But Democrats have already rejected taking a “piecemeal” approach to coronavirus relief and it’s highly unlikely they’ll support the new proposal.

Senate leadership is whipping the new proposal. On a call Friday morning, Senate Majority Leader Mitch McConnell (R-Ky.) told members that the Senate would not be returning next week to vote on the measure. The Senate is scheduled to return to Washington September 8, after Labor Day.

Sen. Richard Burr (R-N.C.) told reporters Friday that he expected the caucus to vote on the skinny bill once they reach an agreement. But he also acknowledged that Democrats are all but guaranteed to block it.

“We’ll get a deal. It’s just a question of when we vote on it,” Burr said. “The unfortunate thing is, Speaker Pelosi has made it clear she’s not gonna be supportive of anything so it probably will fail in the last cloture vote.”

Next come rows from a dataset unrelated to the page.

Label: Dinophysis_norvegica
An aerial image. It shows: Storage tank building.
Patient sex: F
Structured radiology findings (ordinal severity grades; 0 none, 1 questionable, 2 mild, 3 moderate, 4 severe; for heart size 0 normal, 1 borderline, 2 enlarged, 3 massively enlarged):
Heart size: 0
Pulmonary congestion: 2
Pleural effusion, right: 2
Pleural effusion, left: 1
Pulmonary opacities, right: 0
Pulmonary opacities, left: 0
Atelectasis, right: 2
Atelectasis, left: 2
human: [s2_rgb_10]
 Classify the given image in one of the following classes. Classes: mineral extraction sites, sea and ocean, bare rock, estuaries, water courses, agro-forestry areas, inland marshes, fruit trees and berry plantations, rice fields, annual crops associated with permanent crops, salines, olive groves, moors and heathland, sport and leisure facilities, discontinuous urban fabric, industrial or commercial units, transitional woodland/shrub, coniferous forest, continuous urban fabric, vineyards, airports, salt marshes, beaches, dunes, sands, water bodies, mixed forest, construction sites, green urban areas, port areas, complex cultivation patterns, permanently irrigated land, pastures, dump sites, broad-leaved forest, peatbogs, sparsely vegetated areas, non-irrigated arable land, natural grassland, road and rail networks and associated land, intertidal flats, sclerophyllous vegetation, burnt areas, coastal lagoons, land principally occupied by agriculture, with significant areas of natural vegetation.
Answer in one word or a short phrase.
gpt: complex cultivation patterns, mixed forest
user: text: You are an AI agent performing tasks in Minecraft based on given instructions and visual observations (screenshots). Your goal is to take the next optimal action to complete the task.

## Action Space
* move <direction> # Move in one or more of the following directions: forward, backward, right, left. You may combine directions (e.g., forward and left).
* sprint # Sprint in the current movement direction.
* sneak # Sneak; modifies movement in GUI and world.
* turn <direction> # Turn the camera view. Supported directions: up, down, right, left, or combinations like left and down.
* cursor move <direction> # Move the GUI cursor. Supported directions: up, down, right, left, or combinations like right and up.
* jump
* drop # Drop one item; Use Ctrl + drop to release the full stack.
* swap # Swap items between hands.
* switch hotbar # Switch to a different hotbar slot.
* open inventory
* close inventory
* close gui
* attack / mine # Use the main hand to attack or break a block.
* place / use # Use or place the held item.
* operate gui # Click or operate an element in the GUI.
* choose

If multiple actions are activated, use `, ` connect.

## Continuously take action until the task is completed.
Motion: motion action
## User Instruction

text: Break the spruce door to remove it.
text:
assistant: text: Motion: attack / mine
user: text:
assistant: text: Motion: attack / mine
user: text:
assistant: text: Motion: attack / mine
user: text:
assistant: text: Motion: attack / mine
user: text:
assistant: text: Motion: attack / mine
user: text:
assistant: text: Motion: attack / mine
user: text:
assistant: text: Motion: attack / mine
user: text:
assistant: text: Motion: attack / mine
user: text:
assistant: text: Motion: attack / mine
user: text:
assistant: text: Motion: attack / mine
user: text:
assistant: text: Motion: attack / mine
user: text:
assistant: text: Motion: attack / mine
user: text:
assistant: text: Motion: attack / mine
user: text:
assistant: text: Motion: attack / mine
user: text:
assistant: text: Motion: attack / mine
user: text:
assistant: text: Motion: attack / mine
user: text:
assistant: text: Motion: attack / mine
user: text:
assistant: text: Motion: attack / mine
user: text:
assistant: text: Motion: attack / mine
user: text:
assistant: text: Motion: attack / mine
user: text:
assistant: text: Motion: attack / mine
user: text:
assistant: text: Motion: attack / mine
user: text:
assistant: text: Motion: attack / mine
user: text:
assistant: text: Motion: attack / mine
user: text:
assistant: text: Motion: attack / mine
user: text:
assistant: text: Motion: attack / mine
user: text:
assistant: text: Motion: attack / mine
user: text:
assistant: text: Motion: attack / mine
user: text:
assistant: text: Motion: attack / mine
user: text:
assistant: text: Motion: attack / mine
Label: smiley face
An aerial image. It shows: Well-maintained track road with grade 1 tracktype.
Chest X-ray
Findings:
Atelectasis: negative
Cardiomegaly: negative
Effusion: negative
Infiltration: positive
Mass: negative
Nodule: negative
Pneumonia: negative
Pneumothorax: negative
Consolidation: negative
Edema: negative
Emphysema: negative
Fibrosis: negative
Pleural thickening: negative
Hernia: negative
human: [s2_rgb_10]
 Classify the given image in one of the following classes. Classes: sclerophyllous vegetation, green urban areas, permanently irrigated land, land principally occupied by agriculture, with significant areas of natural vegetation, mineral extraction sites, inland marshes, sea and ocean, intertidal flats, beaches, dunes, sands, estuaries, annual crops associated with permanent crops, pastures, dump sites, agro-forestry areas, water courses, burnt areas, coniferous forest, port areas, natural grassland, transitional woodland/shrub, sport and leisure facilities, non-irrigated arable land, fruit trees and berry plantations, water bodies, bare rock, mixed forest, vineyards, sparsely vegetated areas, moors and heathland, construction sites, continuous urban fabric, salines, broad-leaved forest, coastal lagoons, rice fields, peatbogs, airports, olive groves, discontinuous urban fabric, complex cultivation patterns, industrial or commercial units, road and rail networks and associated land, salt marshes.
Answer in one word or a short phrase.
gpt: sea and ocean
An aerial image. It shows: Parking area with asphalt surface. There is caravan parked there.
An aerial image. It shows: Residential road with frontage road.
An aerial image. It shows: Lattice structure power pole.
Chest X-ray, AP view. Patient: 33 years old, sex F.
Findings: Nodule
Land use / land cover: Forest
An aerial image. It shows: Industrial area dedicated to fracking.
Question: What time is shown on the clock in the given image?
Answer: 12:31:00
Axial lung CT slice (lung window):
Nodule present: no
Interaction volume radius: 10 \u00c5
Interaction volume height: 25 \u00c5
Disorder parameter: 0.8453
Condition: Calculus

The White House and Democratic leadership have made little to no progress on a deal over the August recess. The key sticking point in negotiations remains the price tag. Senate Republicans and the White House have wanted to keep any next package around $1 trillion, citing concerns about the deficit. But Democrats are insisting that the White House will need to up its offer if they want to get back to the negotiating table.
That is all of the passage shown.